«Буржуи», может быть, радовались, когда они видели, как солдаты и Красная гвардия вырывают революционные знамена из рук рабочих, топчут их ногами и жгут на кострах. Но возможно, что и это приятное зрелище уже не радовало всех «буржуев», ибо ведь и среди них есть честные люди, искренне любящие свой народ, свою страну.
Одним из них был Андрей Иванович Шингарев, подло убитый какими-то зверями.
Итак, 5 января расстреливали рабочих Петрограда, безоружных. Расстреливали без предупреждения о том, что будут стрелять, расстреливали из засад, сквозь щели заборов, трусливо, как настоящие убийцы.
И точно так же, как 9 января 1905 г, люди, не потерявшие совесть и разум, спрашивали стрелявших:
– Что вы делаете, идиоты? Ведь это свои идут! Видите – везде красные знамена, и нет ни одного плаката, враждебного рабочему классу, ни одного возгласа, враждебного вам!
И так же, как царские солдаты – убийцы по приказу, отвечают:
– Приказано! Нам приказано стрелять!
И так же, как 9 января 1905 г., обыватель, равнодушный ко всему и всегда являющийся только зрителем трагедии жизни, восхищался:
– Здорово садят!
И догадливо соображал:
– Эдак они скоро друг друга перехлопают!
Да, скоро. Среди рабочих ходят слухи, что Красная гвардия с завода Эриксона стреляла по рабочим Лесного, а рабочие Эриксона подверглись обстрелу Красной гвардии какой-то другой фабрики.
Этих слухов – много. Может быть, они – не верны, но это не мешает им действовать на психологию рабочей массы совершенно определенно.
Я спрашиваю «народных» комиссаров, среди которых должны же быть порядочные и разумные люди:
Понимают ли они, что, надевая петлю на свои шеи, они неизбежно удавят всю русскую демократию, погубят все завоевания республики?
Понимают ли они это? Или они думают так: или мы – власть, или – пускай все и всё погибают?»

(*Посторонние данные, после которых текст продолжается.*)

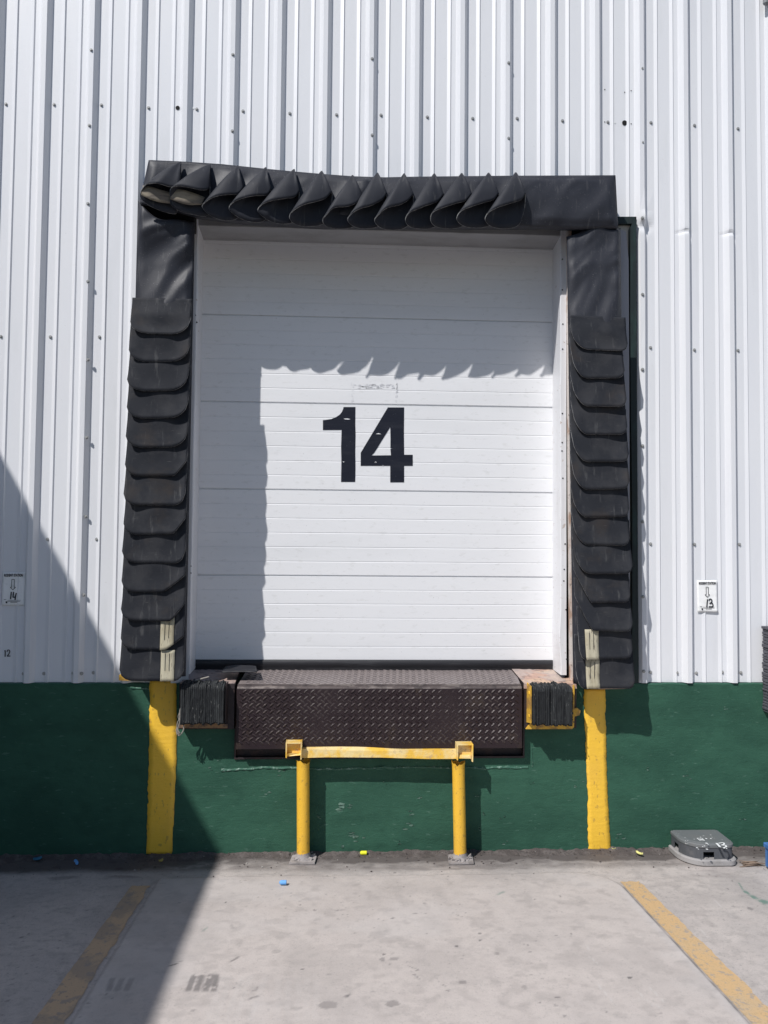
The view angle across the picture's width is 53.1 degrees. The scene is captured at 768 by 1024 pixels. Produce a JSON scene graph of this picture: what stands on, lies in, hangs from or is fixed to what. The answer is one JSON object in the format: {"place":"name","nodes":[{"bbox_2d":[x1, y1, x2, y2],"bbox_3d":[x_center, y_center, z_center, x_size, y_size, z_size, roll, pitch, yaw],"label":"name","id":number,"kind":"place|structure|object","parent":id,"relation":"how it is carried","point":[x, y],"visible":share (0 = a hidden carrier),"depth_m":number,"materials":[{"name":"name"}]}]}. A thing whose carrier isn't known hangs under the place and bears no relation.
{"place":"outdoors","nodes":[
{"label":"outdoors","id":0,"kind":"place"},
{"bbox_2d":[279,880,286,884],"bbox_3d":[-0.579,2.122,4.404,0.040,0.024,0.024,1,-2,-3],"label":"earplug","id":1,"kind":"object","parent":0,"point":[282,882],"visible":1,"depth_m":4.40,"materials":[{"name":"blue plastic"}]},
{"bbox_2d":[0,846,764,876],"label":"dirt","id":2,"kind":"structure","parent":0,"point":[6,858],"depth_m":4.86,"materials":[{"name":"soil"}]},
{"bbox_2d":[0,852,767,1023],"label":"ground","id":3,"kind":"structure","parent":0,"point":[671,938],"depth_m":3.80,"materials":[{"name":"concrete"}]},
{"bbox_2d":[286,740,473,864],"bbox_3d":[-0.027,1.800,4.802,1.176,0.739,0.141,1,-2,-2],"label":"guard frame","id":4,"kind":"object","parent":3,"relation":"on","point":[459,855],"visible":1,"depth_m":4.79,"materials":[{"name":"yellow paint"}]},
{"bbox_2d":[0,0,767,855],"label":"warehouse","id":5,"kind":"structure","parent":3,"relation":"on","point":[380,454],"depth_m":5.12,"materials":[{"name":"white metal"}]},
{"bbox_2d":[2,572,24,605],"bbox_3d":[-2.348,0.487,4.871,0.141,0.211,0.006,1,-2,-3],"label":"rodent sign","id":6,"kind":"object","parent":5,"relation":"attached to","point":[9,587],"visible":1,"depth_m":4.87,"materials":[{"name":"white paper"}]},
{"bbox_2d":[179,679,227,727],"bbox_3d":[-1.128,1.194,4.760,0.306,0.305,0.107,1,-2,-3],"label":"dock bumper","id":7,"kind":"object","parent":5,"relation":"attached to","point":[203,704],"visible":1,"depth_m":4.72,"materials":[{"name":"rubber"}]},
{"bbox_2d":[176,676,208,735],"bbox_3d":[-1.188,1.203,4.765,0.197,0.363,0.052,1,-2,-3],"label":"rope","id":8,"kind":"object","parent":7,"relation":"hanging from","point":[177,730],"visible":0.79,"depth_m":4.75,"materials":[{"name":"grey"}]},
{"bbox_2d":[194,240,552,669],"bbox_3d":[-0.042,-0.422,5.317,2.537,3.037,0.066,1,-2,-3],"label":"dock door","id":9,"kind":"structure","parent":5,"relation":"in","point":[376,460],"depth_m":5.30,"materials":[{"name":"white paint"}]},
{"bbox_2d":[119,160,634,688],"bbox_3d":[-0.006,-0.551,4.841,3.178,3.285,0.338,1,-2,-3],"label":"dock seal","id":10,"kind":"object","parent":5,"relation":"attached to","point":[177,200],"visible":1,"depth_m":4.82,"materials":[{"name":"black plastic"}]},
{"bbox_2d":[234,669,524,758],"bbox_3d":[-0.030,1.320,5.159,1.859,0.534,0.622,1,-2,-3],"label":"dock leveler","id":11,"kind":"object","parent":5,"relation":"attached to","point":[480,710],"visible":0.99,"depth_m":4.87,"materials":[{"name":"metal"}]},
{"bbox_2d":[221,665,256,672],"bbox_3d":[-0.926,1.017,4.985,0.228,0.023,0.186,1,-2,-3],"label":"rubber mat","id":12,"kind":"object","parent":11,"relation":"on","point":[240,668],"visible":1,"depth_m":4.97,"materials":[{"name":"grey rubber"}]},
{"bbox_2d":[525,681,579,728],"bbox_3d":[1.082,1.231,4.869,0.353,0.304,0.106,1,-2,-3],"label":"dock bumper","id":13,"kind":"object","parent":5,"relation":"attached to","point":[550,705],"visible":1,"depth_m":4.83,"materials":[{"name":"rubber"}]},
{"bbox_2d":[697,580,717,611],"bbox_3d":[2.141,0.557,5.089,0.140,0.212,0.006,1,-2,-3],"label":"rodent sign","id":14,"kind":"object","parent":5,"relation":"attached to","point":[707,596],"visible":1,"depth_m":5.09,"materials":[{"name":"white paper"}]},
{"bbox_2d":[761,626,767,712],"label":"seal","id":15,"kind":"object","parent":5,"relation":"attached to","point":[765,667],"visible":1,"depth_m":5.04,"materials":[{"name":"grey rubber"}]},
{"bbox_2d":[668,830,735,866],"bbox_3d":[2.022,2.121,4.824,0.342,0.138,0.330,1,-2,-3],"label":"bait station","id":16,"kind":"object","parent":3,"relation":"on","point":[708,848],"visible":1,"depth_m":4.79,"materials":[{"name":"plastic"}]},
{"bbox_2d":[739,860,764,866],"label":"twigs","id":17,"kind":"object","parent":3,"relation":"on","point":[750,863],"visible":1,"depth_m":4.75,"materials":[{"name":"brown"}]},
{"bbox_2d":[763,842,767,866],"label":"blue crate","id":18,"kind":"object","parent":3,"relation":"on","point":[765,844],"visible":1,"depth_m":4.72,"materials":[{"name":"plastic"}]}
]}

Открытие Учредительного собрания завершилось трагическим фарсом. Ничего из происходившего там не позволяет назвать его последним достойным памяти сражением в защиту свободы.
Лучшую и самую смелую речь произнес Церетели, лидер меньшевиков. Но эта речь своим стилем совсем не напоминала революционера Церетели, обличавшего во Второй Думе Столыпина. Она содержала критику, она была произнесена с большим чувством, но тем не менее являлась лишь выражением «лояльной оппозиции». Вообще же, читая ее, я вспоминал стиль «либеральной оппозиции Его Императорского Величества [кадетов]» в мирные дни Четвертой Думы. Фактически меньшевики уже в начале ноября отказались от идеи революционной борьбы против большевистского «правительства рабочих и крестьян».
Что касается речи председателя Собрания Виктора Чернова, то можно лишь процитировать слова Марка Вишняка, секретаря Учредительного собрания и соратника Чернова по партии эсеров:
«Она была выдержана в духе интернационалистических и социалистических идей, с отдельными демагогическими нотками, словно оратор сознательно искал общий язык с большевиками и пытался в чем-то убедить их, вместо того чтобы отмежеваться и выступить против них в качестве представителя русской демократии.
Трудно обвинять Чернова в фиаско Учредительного собрания. Он был смелым человеком, и, подобно многим другим присутствующим, его не запугали ружья, нацеленные на него пьяными, ошалевшими от ненависти солдатами и матросами Ленина. Я полагаю, что явный паралич воли, в значительной степени ответственный за поражение 5 января, имел глубокие психологические причины, затронувшие даже самых стойких демократических деятелей в то время. Во-первых, общество охватил массовый страх перед гражданской войной, которая с легкостью могла превратиться в контрреволюционную войну против демократии в целом. Далее, не следует забывать, что большевиков по-прежнему считали не более чем представителями крайнего левого крыла социал-демократов. А идея о том, что «врагов слева» не бывает, глубоко укоренилась в сознании. Для большинства представителей левого течения казалось непостижимым, что свободу могут затоптать люди, объявившие себя представителями пролетариата. Считалось, что на такое способна лишь «буржуазия», и поэтому главной опасностью многим казались не большевики, окопавшиеся в Смольном институте, а контрреволюционеры, сплотившиеся вокруг атамана Каледина в Донской области на крайнем юге России.
Если бы вожди социалистов-небольшевиков знали правду о большевистско-германских контактах, они бы, несомненно, действовали по-другому. Но они не могли поверить этой «клевете» в адрес вождя российского рабочего класса.